Hugging Face Transformers Course, M2M100 Korean Text Tokenization

With the rapid advancements in deep learning, the field of Natural Language Processing (NLP) is undergoing remarkable changes. In particular, the Hugging Face library, which provides various pre-trained models, has been gaining attention recently. Today, I will introduce how to tokenize Korean text using the M2M100 model.

1. Introduction to the M2M100 Model

The M2M100 is a model developed by Facebook AI, designed as a pre-trained transformer model for multilingual translation. This model supports over 100 languages and is intended for translation between various languages. The M2M100 demonstrates excellent translation performance, especially at the sentence level, and can be effectively utilized even for low-resource languages like Korean.

2. Installing the Hugging Face Library

To use the model, you first need to install the Hugging Face Transformers Library. This can be easily installed via pip.

pip install transformers

3. What is Tokenization?

Tokenization is the process of splitting an input sentence into individual units (tokens). Since natural language processing models cannot process text directly, the text needs to be converted into numbers that can be input into the model. This process is called ‘tokenization’.

4. Using the M2M100 Tokenizer

Now, let’s explore how to tokenize Korean text using the M2M100 model. Execute the code below to load the tokenizer and tokenize an example Korean sentence.
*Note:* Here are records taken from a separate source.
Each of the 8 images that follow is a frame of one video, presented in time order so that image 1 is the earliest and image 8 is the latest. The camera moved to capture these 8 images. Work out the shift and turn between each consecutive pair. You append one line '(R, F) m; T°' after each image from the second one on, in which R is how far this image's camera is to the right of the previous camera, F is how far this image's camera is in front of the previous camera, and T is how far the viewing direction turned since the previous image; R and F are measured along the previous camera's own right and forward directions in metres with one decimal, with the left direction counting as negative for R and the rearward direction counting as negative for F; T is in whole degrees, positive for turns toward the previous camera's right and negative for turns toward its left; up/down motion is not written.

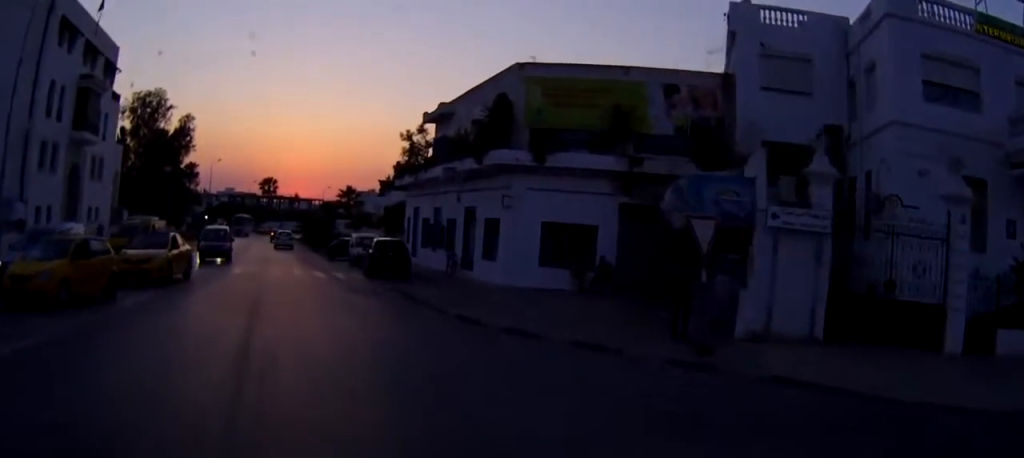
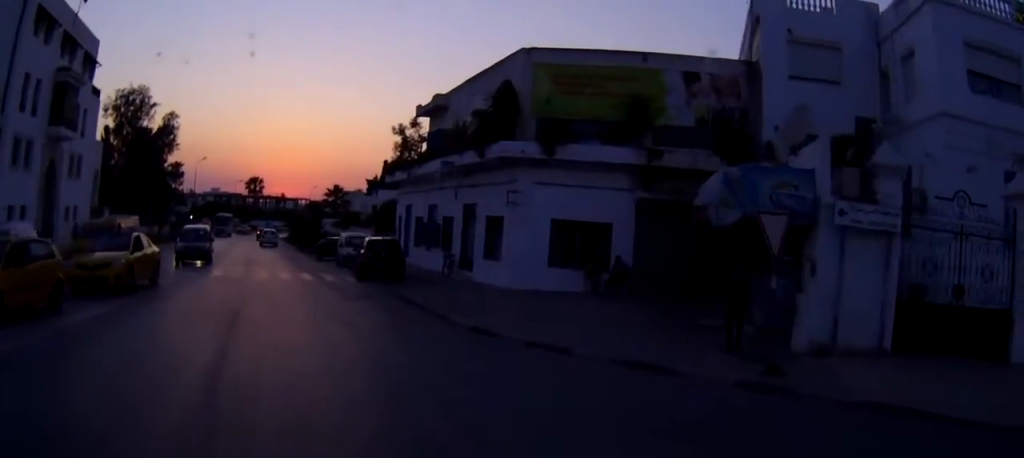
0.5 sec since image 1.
(0.0, +2.5) m; -1°
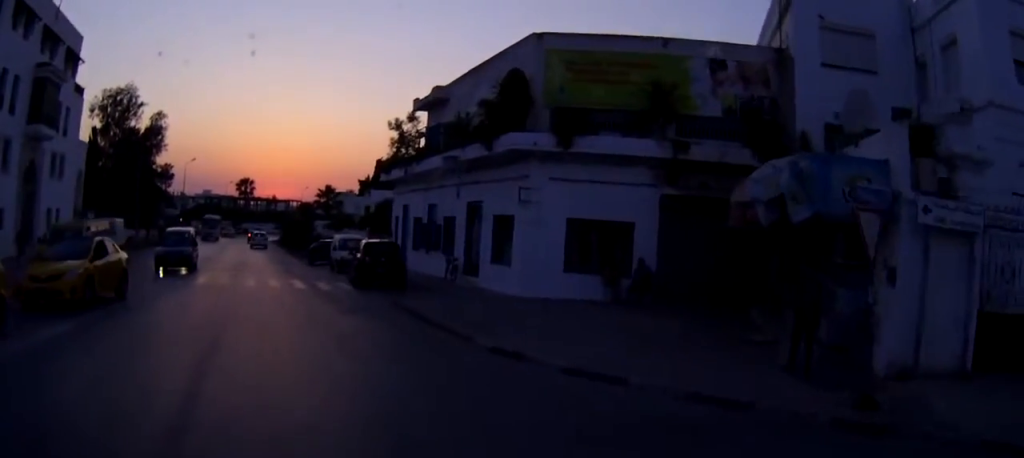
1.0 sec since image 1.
(0.0, +2.3) m; 0°
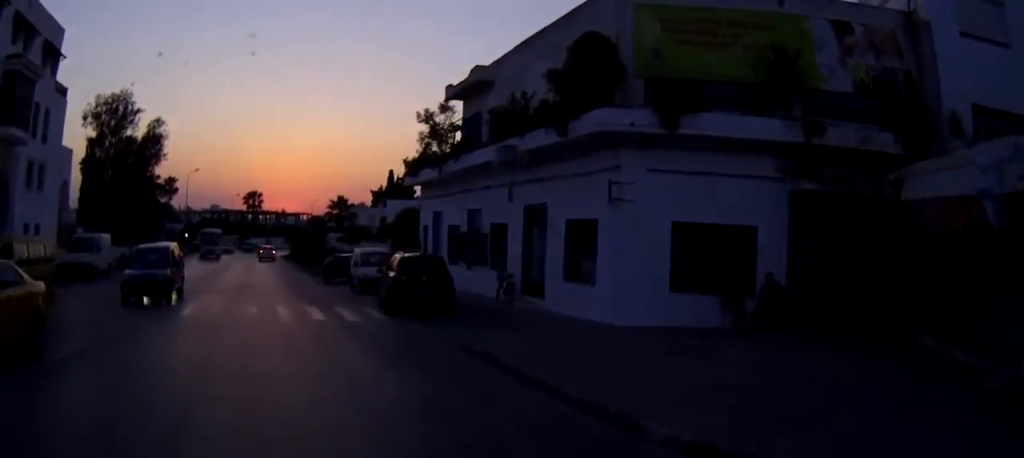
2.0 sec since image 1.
(0.0, +5.7) m; -2°
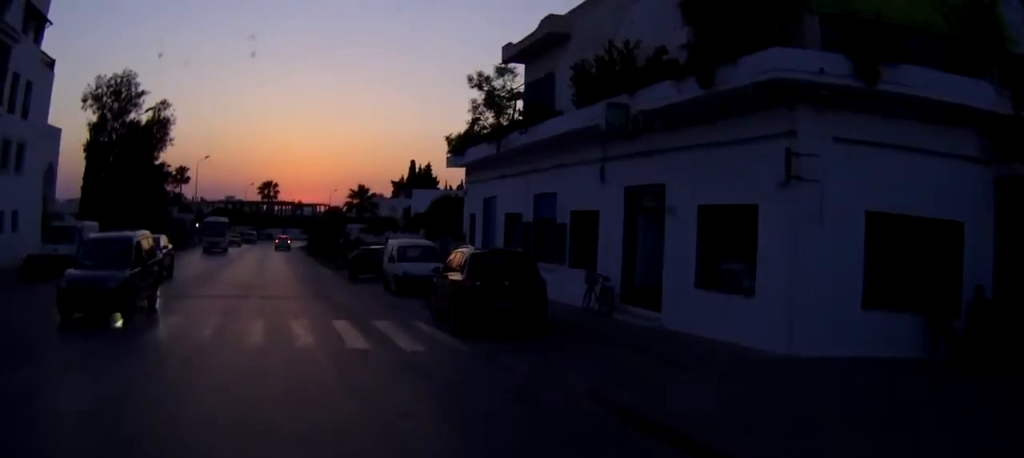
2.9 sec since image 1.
(-0.2, +5.7) m; -1°
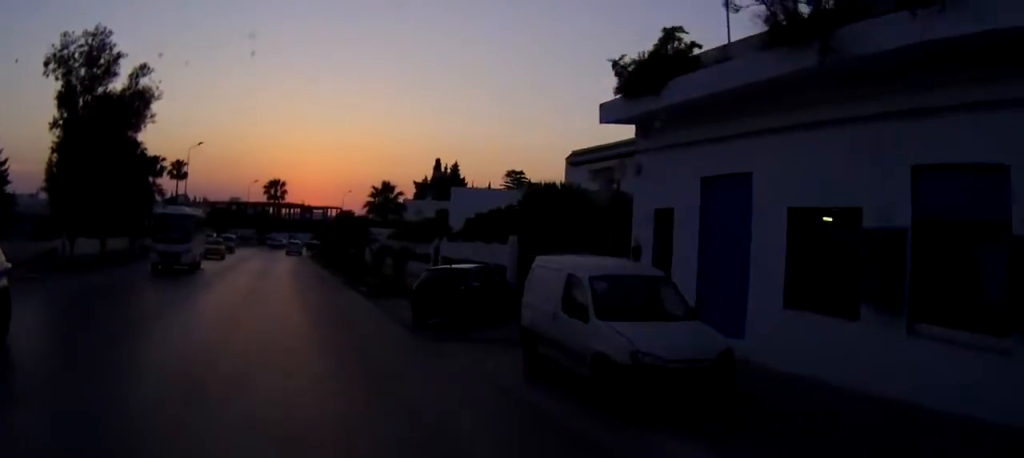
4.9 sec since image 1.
(+0.2, +14.8) m; +1°
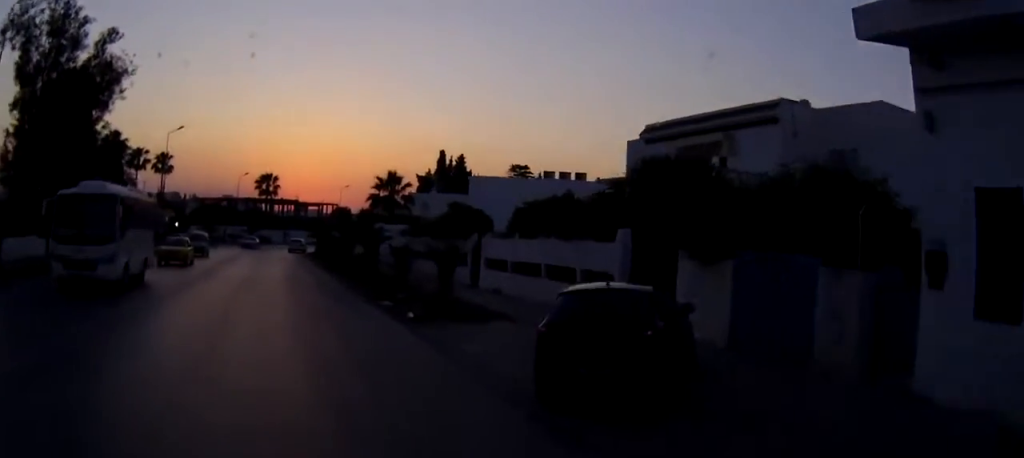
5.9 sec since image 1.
(0.0, +9.1) m; 0°
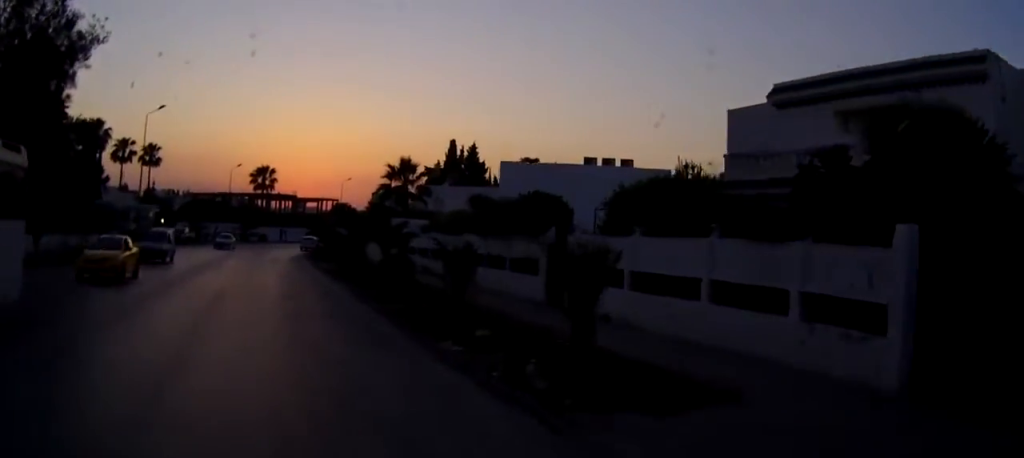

from transformers import M2M100Tokenizer

# Load M2M100 tokenizer
tokenizer = M2M100Tokenizer.from_pretrained("facebook/m2m100_418M")

# Input Korean text
text = "Hello! I am learning deep learning."

# Tokenize the text
tokens = tokenizer.tokenize(text)

# Print the tokenization result
print("Tokenization result:", tokens)

4.1 Code Explanation

The code above loads the tokenizer for the M2M100 model using the M2M100Tokenizer class. Next, it inputs a Korean sentence and calls the tokenizer.tokenize() method to tokenize the sentence.

5. Interpreting the Tokenization Output

The output of tokenization is a list of tokens converted into a format the model can understand. For instance, for the Korean sentence “Hello! I am learning deep learning.”, the tokenization will convert it into a form suitable for input into the model while preserving the meaning of each word.

5.1 Example Output

Expected Output:
Tokenization result: ['Hello', '!', 'I', 'am', 'learning', 'deep', 'learning', '.']

From the output, you can see that the input sentence has been divided into several tokens. “Hello” remains a single token, and “deep learning” is also represented as two tokens.

6. Additional Options: Various Functions of the Tokenizer

The tokenizer provides additional functions beyond simple tokenization, including handling special symbols and positional information. Let’s explore some additional features.

6.1 Padding

To make the length of the input text to the model uniform, padding can be added. Refer to the code below.

# Prepare multiple sentences
texts = ["Hello! I am learning deep learning.", "This lesson utilizes Hugging Face."]

# Tokenize the sentences and add padding
encoded_inputs = tokenizer(texts, padding=True, truncation=True, return_tensors="pt")

print("Padded input:", encoded_inputs)

6.2 Decoding

There is also a function to convert the tokenized result back to the original text. This allows you to easily verify the model’s output.

# Decoding the tokenized text
input_ids = encoded_inputs['input_ids'][0]
decoded_text = tokenizer.decode(input_ids)

print("Decoded text:", decoded_text)

7. Conclusion

In this tutorial, we introduced how to effectively tokenize Korean text using the M2M100 model from Hugging Face. The M2M100 model exhibits excellent translation capabilities across various languages and performs well even with low-resource languages like Korean. This enables efficient use of the model in natural language processing applications.

8. References

We hope you join in the advancements in deep learning and natural language processing. Thank you!